Faithful Catholics have been pointing out the utter folly of denying permission to the SSPX for the ordination of those bishops.  I will not rehash what they say here, but recommend them to your reading.  My blogging colleague at Les Femmes makes the point that supplied jurisdiction can and often does override strict adherence to official jurisdiction.  She cited examples such as English priests ministering to the faithful under the reign of Elizabeth I.  Maike Hickson points out that it is the Vatican's tinkering with Tradition that is the true cause of disunity, not the SSPX's attempts to preserve Tradition.

Rorate Caeli published a piece authored by the Canon of Shaftesbury that explained why the proposed excommunication of the SSPX simply doesn't pass canonical muster.  I will quote one key passage: "Furthermore, for a canonical act to constitute schism, there must be a positive will to separate from the Roman Pontiff or to refuse submission to his authority (cf. Canon 751). This is an essential element of the offense, not merely an aggravating circumstance. Bishop Athanasius Schneider and other reputable canonists have argued persuasively that the SSPX lacks this intent entirely. The Society professes full submission to the Roman Pontiff, accepts his doctrinal primacy, and explicitly does not seek to establish a parallel hierarchical jurisdiction."

Pope Leo!  Listen up!
The SSPX has repeatedly stated that they have no positive will to separate from Rome.  Even Rome itself does not dispute that.  Now let's go back to the situation broached in my first two paragraphs, where parishioners literally tossed Our Lord to their dogs.  The Code of 1983 (linked in my first paragraph) lists as one of the acts that can incur automatic excommunication the desecration of the Eucharist.  That did happen, yet the local bishop refuses to act because they "lacked sacrilegious intent".  So if the errant parishioners are being cut some slack because of their lack of malicious intent, why is such courtesy being denied to the SSPX?  Boys and girls, can we say "hypocrisy" and "double standards"?

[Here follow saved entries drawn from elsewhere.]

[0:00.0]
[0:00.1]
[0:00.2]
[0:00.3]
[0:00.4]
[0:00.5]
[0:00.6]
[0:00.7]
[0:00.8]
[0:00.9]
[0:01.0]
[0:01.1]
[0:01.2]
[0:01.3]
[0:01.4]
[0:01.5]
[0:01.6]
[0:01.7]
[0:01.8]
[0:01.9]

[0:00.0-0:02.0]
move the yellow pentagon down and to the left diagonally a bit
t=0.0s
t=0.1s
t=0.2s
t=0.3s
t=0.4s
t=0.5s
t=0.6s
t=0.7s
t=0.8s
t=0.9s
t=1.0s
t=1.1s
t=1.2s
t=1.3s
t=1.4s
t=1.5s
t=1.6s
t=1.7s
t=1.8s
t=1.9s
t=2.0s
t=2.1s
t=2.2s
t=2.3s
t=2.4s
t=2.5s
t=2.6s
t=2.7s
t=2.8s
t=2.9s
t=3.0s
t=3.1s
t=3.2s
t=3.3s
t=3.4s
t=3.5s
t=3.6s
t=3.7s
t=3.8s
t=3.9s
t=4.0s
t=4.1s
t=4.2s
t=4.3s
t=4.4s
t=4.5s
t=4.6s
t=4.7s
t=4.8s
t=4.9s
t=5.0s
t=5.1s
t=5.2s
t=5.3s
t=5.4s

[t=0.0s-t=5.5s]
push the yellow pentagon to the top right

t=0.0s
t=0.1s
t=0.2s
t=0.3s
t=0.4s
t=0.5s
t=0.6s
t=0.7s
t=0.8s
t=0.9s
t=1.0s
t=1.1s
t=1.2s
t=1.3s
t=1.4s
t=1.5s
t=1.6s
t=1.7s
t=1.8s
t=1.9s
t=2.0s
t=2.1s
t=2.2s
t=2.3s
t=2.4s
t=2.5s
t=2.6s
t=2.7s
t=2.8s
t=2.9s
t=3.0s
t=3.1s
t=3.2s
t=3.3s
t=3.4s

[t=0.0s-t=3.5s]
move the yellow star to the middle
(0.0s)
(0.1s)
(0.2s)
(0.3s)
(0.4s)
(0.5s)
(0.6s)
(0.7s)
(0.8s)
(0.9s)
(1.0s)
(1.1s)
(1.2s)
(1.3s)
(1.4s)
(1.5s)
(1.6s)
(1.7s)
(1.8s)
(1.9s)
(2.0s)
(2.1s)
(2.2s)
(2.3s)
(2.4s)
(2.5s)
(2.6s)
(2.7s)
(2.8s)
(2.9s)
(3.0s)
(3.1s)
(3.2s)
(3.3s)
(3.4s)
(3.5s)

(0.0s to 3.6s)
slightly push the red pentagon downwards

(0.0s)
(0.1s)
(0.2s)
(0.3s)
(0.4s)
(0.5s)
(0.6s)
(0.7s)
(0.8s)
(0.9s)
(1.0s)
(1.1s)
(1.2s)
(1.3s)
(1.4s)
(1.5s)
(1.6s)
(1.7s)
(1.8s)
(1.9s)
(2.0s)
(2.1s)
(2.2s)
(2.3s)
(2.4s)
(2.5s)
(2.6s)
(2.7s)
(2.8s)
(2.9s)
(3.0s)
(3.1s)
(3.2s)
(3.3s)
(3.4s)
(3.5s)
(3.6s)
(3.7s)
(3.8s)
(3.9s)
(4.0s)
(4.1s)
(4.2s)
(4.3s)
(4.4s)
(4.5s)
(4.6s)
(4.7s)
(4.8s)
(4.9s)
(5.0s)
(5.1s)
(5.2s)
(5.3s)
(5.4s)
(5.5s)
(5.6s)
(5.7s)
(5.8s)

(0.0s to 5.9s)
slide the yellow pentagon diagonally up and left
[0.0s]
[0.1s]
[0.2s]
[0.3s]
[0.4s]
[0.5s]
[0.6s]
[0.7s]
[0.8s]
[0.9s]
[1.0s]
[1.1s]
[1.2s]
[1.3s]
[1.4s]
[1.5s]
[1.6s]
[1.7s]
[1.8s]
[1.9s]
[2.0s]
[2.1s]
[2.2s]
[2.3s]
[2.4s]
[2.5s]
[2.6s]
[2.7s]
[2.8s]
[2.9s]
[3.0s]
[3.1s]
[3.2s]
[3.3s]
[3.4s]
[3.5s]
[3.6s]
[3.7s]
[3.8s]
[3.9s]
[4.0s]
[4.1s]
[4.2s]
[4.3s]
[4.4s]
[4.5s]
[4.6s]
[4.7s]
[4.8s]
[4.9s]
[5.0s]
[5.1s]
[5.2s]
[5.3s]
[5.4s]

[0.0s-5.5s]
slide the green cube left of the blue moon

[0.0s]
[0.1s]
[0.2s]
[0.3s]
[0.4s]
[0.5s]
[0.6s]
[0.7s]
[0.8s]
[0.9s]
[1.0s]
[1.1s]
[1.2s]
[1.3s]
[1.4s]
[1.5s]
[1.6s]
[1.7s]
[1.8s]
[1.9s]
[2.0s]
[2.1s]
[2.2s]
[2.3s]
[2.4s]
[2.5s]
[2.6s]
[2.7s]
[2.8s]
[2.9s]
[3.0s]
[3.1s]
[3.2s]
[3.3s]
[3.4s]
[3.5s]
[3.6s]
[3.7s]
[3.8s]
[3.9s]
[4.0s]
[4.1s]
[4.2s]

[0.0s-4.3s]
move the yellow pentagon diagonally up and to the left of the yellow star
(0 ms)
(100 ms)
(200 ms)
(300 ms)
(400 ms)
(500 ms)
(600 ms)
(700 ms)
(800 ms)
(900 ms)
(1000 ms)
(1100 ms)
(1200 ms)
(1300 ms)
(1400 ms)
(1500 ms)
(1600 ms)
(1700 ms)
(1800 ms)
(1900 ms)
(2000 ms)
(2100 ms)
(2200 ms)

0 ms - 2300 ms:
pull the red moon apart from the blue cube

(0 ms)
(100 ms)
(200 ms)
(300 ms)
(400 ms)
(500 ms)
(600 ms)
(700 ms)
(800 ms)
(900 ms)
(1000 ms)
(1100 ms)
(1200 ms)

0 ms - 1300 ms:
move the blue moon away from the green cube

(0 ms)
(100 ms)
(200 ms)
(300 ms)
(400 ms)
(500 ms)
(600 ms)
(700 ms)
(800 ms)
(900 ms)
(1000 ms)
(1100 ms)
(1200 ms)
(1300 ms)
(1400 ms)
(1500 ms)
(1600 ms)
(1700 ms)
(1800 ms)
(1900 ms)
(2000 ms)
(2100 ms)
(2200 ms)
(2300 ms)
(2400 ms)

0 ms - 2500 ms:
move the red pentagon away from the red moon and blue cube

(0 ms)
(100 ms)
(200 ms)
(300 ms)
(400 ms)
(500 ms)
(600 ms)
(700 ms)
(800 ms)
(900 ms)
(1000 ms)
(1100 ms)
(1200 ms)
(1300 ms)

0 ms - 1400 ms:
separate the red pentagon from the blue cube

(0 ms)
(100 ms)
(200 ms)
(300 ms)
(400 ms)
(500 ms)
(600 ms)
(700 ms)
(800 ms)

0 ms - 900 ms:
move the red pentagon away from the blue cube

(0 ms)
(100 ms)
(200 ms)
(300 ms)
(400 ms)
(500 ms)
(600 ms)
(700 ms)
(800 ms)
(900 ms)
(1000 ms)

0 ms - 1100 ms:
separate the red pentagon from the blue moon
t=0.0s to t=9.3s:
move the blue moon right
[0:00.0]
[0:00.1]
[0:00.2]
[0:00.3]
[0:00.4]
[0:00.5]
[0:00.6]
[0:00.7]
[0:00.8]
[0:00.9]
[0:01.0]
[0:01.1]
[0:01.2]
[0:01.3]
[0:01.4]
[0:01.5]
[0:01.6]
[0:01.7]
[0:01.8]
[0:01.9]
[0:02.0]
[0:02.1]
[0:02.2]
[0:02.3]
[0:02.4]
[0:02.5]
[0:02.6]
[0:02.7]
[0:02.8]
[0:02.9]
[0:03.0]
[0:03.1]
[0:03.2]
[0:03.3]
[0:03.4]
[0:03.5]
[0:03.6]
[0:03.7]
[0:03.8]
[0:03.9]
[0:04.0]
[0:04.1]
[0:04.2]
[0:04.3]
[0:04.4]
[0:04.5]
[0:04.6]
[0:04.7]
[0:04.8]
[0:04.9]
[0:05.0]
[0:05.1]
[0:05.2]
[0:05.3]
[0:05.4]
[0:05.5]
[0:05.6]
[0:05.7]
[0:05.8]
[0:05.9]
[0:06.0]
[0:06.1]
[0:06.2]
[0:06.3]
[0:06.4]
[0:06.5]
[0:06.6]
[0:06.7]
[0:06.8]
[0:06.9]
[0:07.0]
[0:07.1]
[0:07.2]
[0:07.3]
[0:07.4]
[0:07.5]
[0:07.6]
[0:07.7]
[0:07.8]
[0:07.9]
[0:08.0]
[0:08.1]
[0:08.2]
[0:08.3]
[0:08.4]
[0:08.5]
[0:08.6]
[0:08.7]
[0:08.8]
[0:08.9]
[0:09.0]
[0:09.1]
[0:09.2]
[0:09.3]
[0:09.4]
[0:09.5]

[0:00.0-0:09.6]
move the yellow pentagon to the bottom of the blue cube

Let's look at Pope Leo himself and his visit to the Mosque of Algiers last month.  Upon entering, he removed his shoes and expressed "gratitude for being in a place that represents the space proper to God".  It should be noted that others inside that room kept their shoes on.  Recall also that last October, the pope gave a "prayer room" to Muslins inside the Vatican.  He facilitated prayer to an idol at best, and perhaps a demon itself.

Now go back to that list of excommunicable offenses.  I see "apostates, heretics and schismatics" listed therein.  Is the pope himself excommunicated?